The first multiplicative term, `global_rc_regen / budget`, is the balanced budget price which would cause spending to match outflow; let us say `p_bb = global_rc_regen / budget`. This is the equilibrium price if users have no reserves and spend all RC’s on this resource. This is multiplied by a multiplier which represents the temporary level the price can rise to, which is ultimately unsustainable due to finite reserves.

### Setting B

What about the constant `B`? When `x` is much smaller than `B`:

• The value of `p(x)` is approximately `A / B`
• Price `p(x)` is (almost) inelastic with respect to pool size `x`
• A small percentage change in `x` doesn’t change `p(x)` much)

When `x` is much larger than `B` the opposite is true:

• The value of `p(x)` is approximately `A / x`
• Price `p(x)` is (almost) elastic with respect to pool size `x`
• A small percentage change in `x` causes an almost equal in magnitude percentage change in `p(x)`)

So while `p(x)` is never fully elastic or inelastic, you may think of `B` as being near the “midpoint” of the “transition” from almost perfectly inelastic (for small `x`) to almost perfectly elastic (for large `x`). This makes sense, since a perfectly elastic price is desirable (when possible) but unstable when the pool goes to zero (a halving of the pool results in the doubling of the price, meaning the price “doubles infinite times” as the pool goes toward zero, “halving infinite times”).

Where should this transition occur?
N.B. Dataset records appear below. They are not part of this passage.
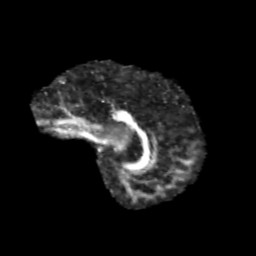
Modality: FA
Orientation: sagittal
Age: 13
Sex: male
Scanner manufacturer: siemens
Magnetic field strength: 3 T
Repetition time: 3.8 s
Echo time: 0.07 s
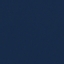
Land use / land cover class: SeaLake
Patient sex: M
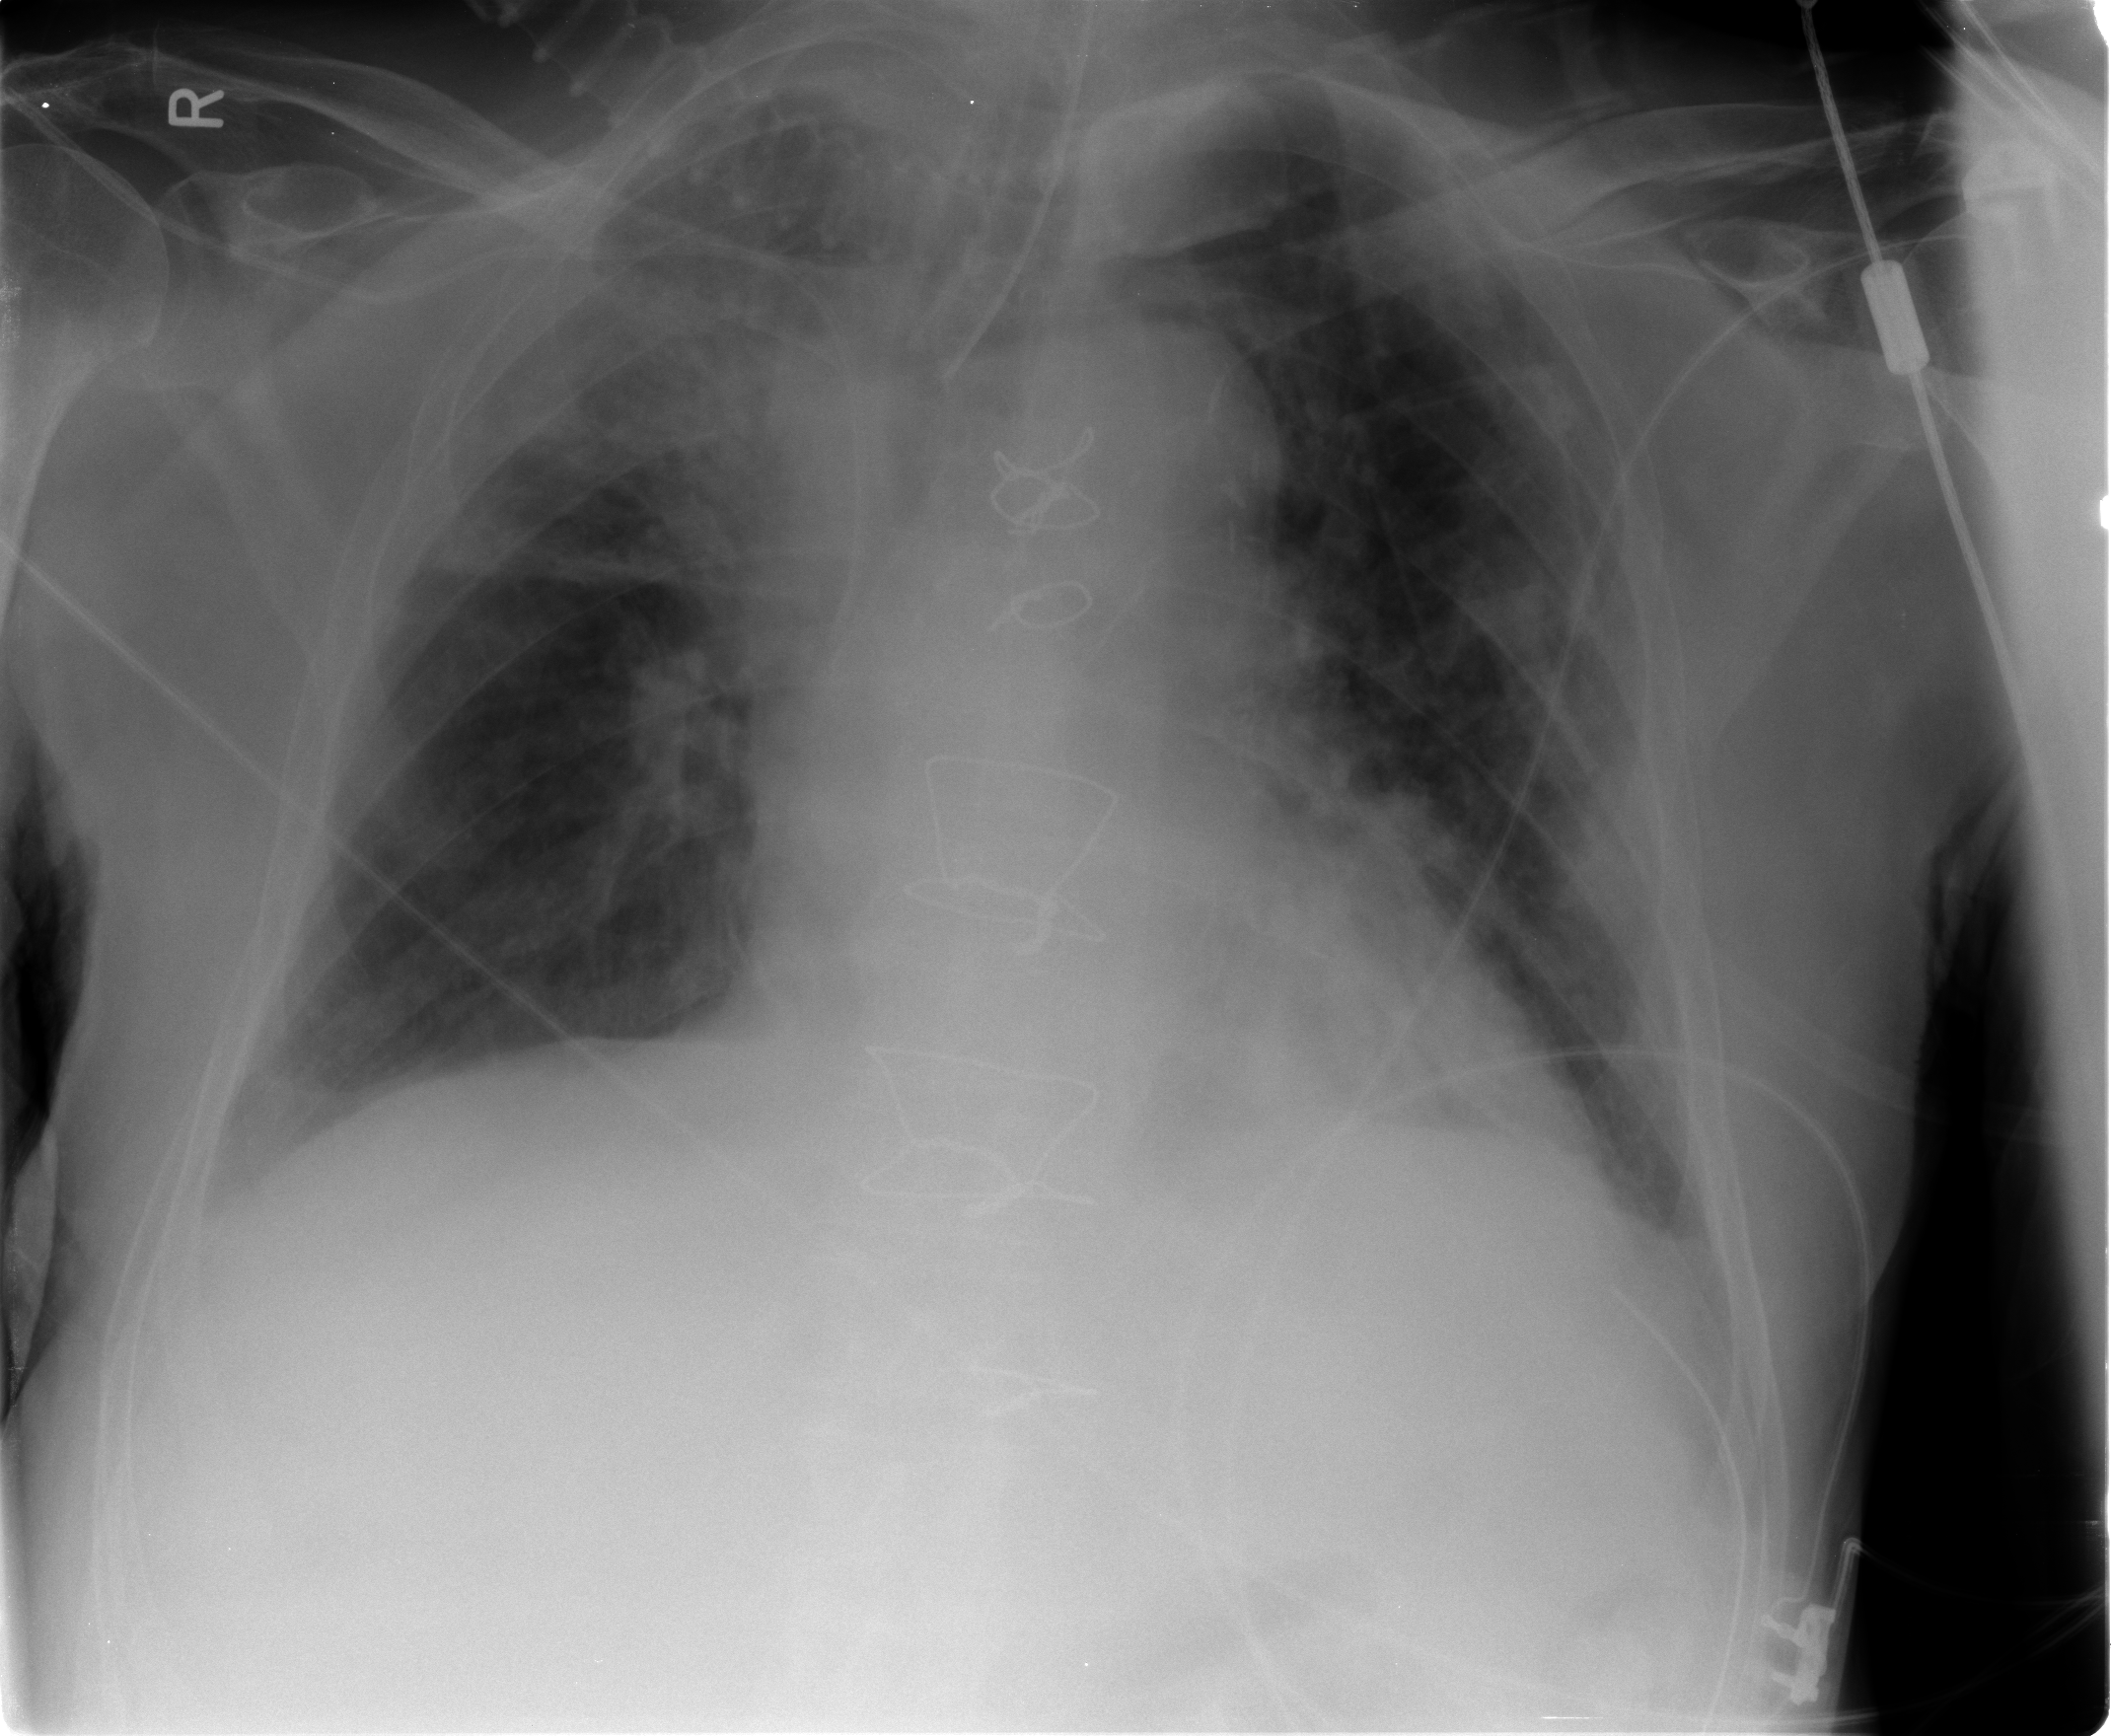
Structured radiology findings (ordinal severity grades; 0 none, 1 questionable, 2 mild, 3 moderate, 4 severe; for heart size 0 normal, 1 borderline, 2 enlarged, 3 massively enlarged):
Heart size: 1
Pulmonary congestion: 1
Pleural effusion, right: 0
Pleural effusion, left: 0
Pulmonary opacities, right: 3
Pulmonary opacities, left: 0
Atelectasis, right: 2
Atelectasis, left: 1
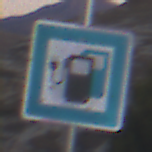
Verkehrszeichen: LadestationFuerElektrofahrzeuge
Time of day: Dusk
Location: Outdoor (Nature)
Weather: Clear
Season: NotSpecified
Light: Natural
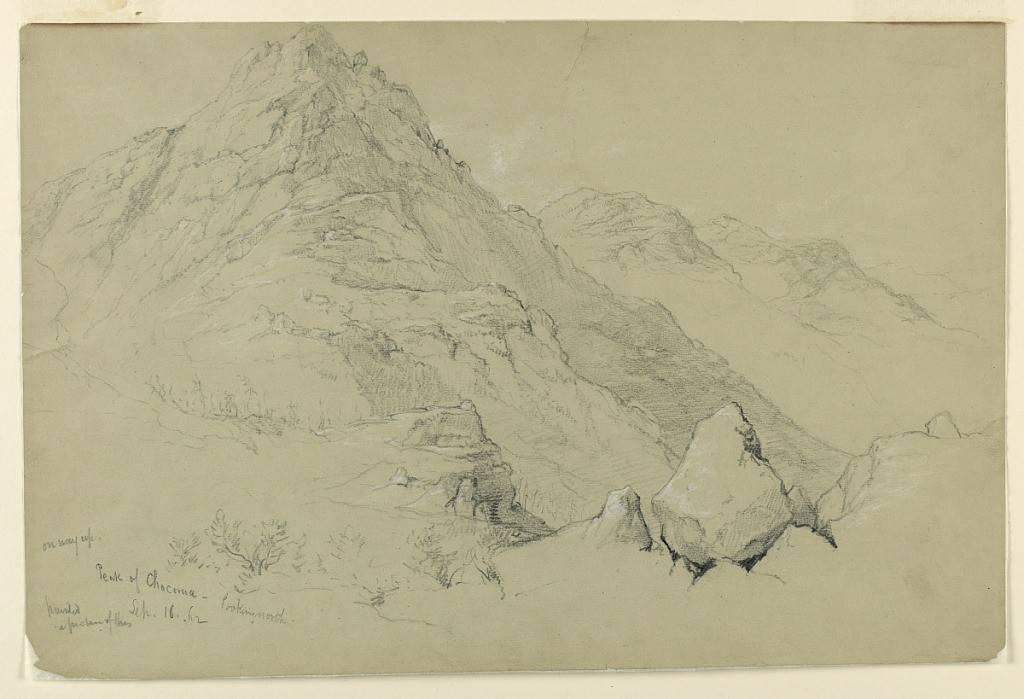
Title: On Way Up, Peak of Chocorua, Looking North
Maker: Daniel Huntington, American, 1816–1906
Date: September 16, 1862
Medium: Graphite and white chalk on buff paper
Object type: Drawing
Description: Rocks, right foreground. Peak at left, with ridges beyond, at right.
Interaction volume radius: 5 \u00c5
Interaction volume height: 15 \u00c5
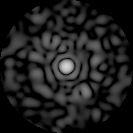
Disorder parameter: 0.8257
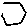
Label: hexagon
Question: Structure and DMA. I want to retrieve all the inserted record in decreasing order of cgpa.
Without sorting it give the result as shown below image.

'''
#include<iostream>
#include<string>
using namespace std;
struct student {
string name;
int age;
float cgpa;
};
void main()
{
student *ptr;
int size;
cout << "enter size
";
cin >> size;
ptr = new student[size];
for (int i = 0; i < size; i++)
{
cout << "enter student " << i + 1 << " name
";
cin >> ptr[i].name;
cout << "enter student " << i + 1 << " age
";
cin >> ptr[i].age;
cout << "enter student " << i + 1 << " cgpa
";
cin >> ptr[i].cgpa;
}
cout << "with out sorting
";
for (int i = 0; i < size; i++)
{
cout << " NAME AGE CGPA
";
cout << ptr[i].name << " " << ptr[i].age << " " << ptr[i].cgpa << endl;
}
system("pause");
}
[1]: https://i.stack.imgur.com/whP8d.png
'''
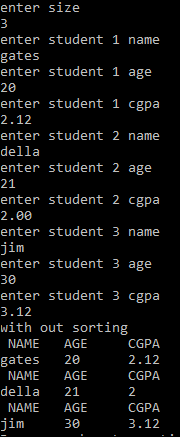
Answer: '''
#include<iostream>
#include<string>
using namespace std;
struct student {
string name;
int age;
float cgpa;
};
void main() {
student *ptr;
int size;
cout << "enter size
"; cin >> size;
ptr = new student[size];
for (int i = 0; i < size; i++)
{
cout << "enter student " << i + 1 << " name
";
cin >> ptr[i].name;
cout << "enter student " << i + 1 << " age
";
cin >> ptr[i].age;
cout << "enter student " << i + 1 << " cgpa
";
cin >> ptr[i].cgpa;
}
string temp1; int temp2; float temp3;
for (int i = 0; i < size; i++)
{
for (int j = 0; j < size; j++)
{
if (ptr[i].cgpa < ptr[j].cgpa)
{
temp1 = ptr[j].name;
ptr[j].name = ptr[i].name;
ptr[i].name = temp1;
temp2 = ptr[j].age;
ptr[j].age = ptr[i].age;
ptr[i].age = temp2;
temp3 = ptr[j].cgpa;
ptr[j].cgpa = ptr[i].cgpa;
ptr[i].cgpa = temp3;
}
}
}
for (int i = 0; i < size; i++) {
cout << " NAME AGE CGPA
";
cout << ptr[i].name << " " << ptr[i].age << " " << ptr[i].cgpa << endl;
}
delete[] ptr;
system("pause");
}
'''
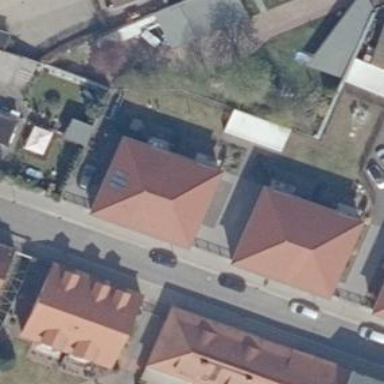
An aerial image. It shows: Hipped-roof building with apartments.
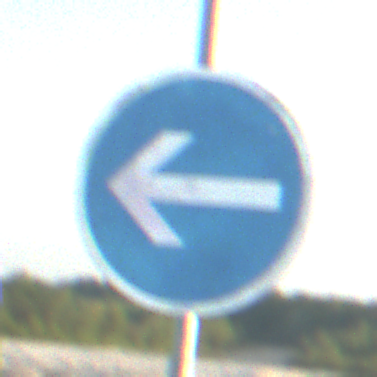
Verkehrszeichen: VorgeschriebeneFahrtrichtungHierLinks
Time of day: SunriseSunset
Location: Outdoor (Beach)
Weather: Clear
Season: NotSpecified
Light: Natural
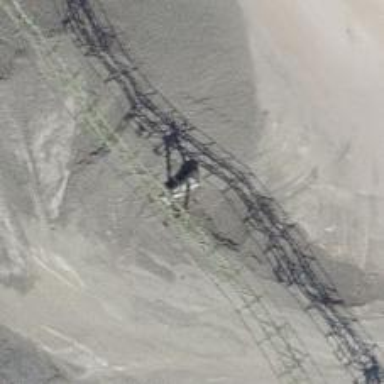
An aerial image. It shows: Pylon used for aerialway.
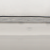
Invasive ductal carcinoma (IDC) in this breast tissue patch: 0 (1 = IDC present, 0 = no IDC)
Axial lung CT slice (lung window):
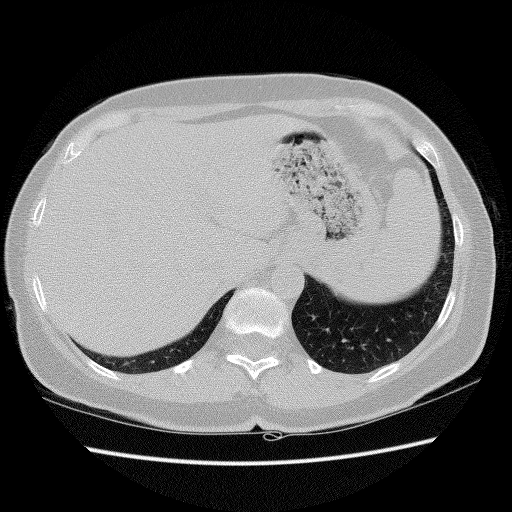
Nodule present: no
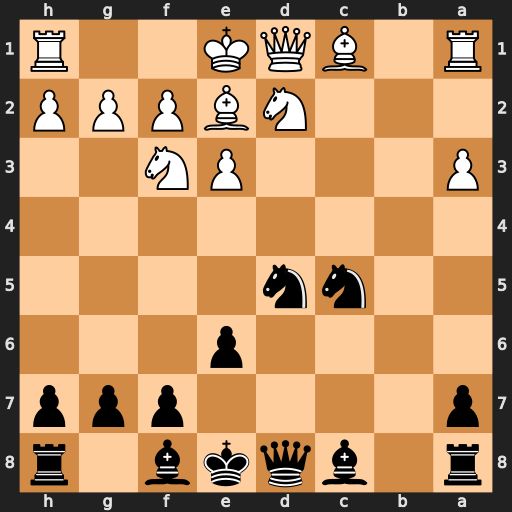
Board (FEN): r1bqkb1r/p4ppp/4p3/2nn4/8/P3PN2/3NBPPP/R1BQK2R
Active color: b
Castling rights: KQkq
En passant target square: -
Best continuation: Nc3 Qc2 Nxe2
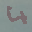
Label: 4
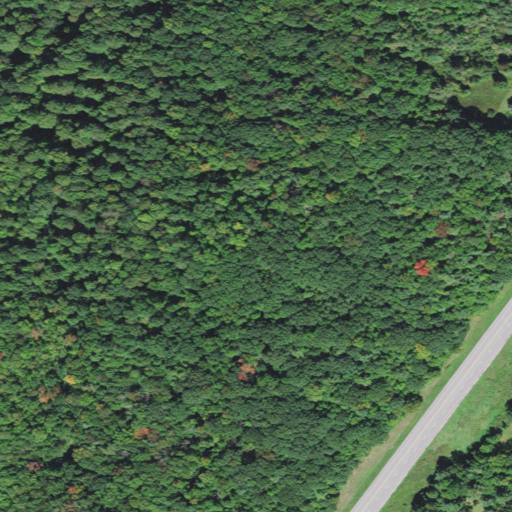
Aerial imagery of mountain in Vermont named Bucks Cobble containing deciduous forest, mixed forest, low intensity development, medium intensity development, pasture, and open development
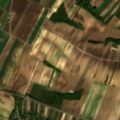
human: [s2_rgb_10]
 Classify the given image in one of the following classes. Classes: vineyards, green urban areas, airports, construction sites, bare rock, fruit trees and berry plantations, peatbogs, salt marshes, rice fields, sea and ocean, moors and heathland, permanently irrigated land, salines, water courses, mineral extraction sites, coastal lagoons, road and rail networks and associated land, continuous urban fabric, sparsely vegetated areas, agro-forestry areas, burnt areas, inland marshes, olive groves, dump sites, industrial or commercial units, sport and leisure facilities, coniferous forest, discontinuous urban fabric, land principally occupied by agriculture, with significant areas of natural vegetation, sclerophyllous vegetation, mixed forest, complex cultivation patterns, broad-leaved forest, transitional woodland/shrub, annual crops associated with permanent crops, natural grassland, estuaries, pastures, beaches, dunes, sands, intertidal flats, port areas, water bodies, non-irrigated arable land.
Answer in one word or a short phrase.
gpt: discontinuous urban fabric, non-irrigated arable land, vineyards, land principally occupied by agriculture, with significant areas of natural vegetation
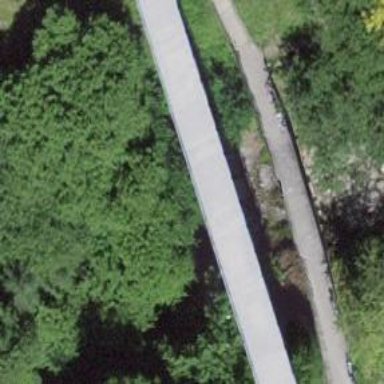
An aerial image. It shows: Path leading to bridge.
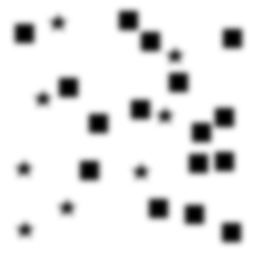
Squares: 16
Triangles: 0
Stars: 8
Total shapes: 24
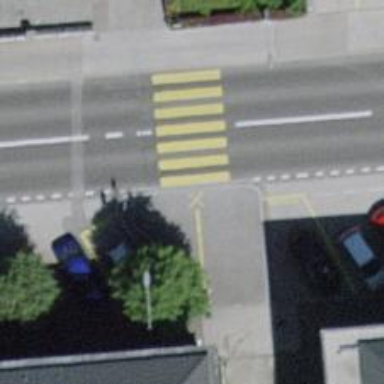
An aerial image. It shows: Kerb barrier.
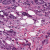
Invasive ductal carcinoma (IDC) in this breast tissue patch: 1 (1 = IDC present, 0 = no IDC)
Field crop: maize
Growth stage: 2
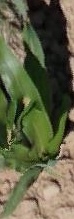
Species: maize
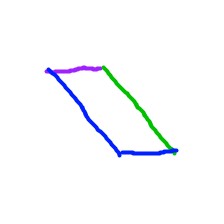
Shape: parallelogram
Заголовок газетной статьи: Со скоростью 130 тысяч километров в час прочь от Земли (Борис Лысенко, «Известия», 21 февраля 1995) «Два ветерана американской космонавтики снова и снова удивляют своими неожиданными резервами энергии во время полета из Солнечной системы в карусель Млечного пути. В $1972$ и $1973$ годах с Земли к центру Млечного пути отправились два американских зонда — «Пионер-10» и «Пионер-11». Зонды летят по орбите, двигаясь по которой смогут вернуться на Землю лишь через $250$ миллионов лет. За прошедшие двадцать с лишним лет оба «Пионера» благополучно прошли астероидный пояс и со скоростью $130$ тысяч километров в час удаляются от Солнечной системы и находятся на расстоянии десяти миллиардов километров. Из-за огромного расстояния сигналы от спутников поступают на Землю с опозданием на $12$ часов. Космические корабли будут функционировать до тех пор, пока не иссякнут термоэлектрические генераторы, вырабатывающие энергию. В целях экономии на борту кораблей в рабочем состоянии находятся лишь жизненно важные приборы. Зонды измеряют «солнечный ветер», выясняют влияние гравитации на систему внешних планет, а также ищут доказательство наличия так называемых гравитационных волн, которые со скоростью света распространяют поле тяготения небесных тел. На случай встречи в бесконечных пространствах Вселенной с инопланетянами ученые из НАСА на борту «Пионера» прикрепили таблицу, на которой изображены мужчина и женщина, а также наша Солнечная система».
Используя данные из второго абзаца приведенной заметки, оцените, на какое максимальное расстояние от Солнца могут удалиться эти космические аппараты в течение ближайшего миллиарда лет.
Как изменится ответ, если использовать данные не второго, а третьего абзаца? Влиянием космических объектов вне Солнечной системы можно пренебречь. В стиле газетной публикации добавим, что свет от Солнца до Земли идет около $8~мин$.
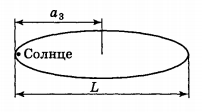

The simple answer is a small fraction of the pool’s equilibrium size at no load, say `1%`, or perhaps `1/128`.

#### Inelasticity proof

A more rigorous way to say that `p(x)` is (almost) inelastic is that, for any small value `∊`, there exists some `x` small enough such that, for any small value `δ`, we have `f(x) / f((1+δ)*x) < 1+δ*∊`. (This can be interpreted as saying the percentage change in `f(x)` in response to a percentage change in `x` dies out as `x →0⁺`.)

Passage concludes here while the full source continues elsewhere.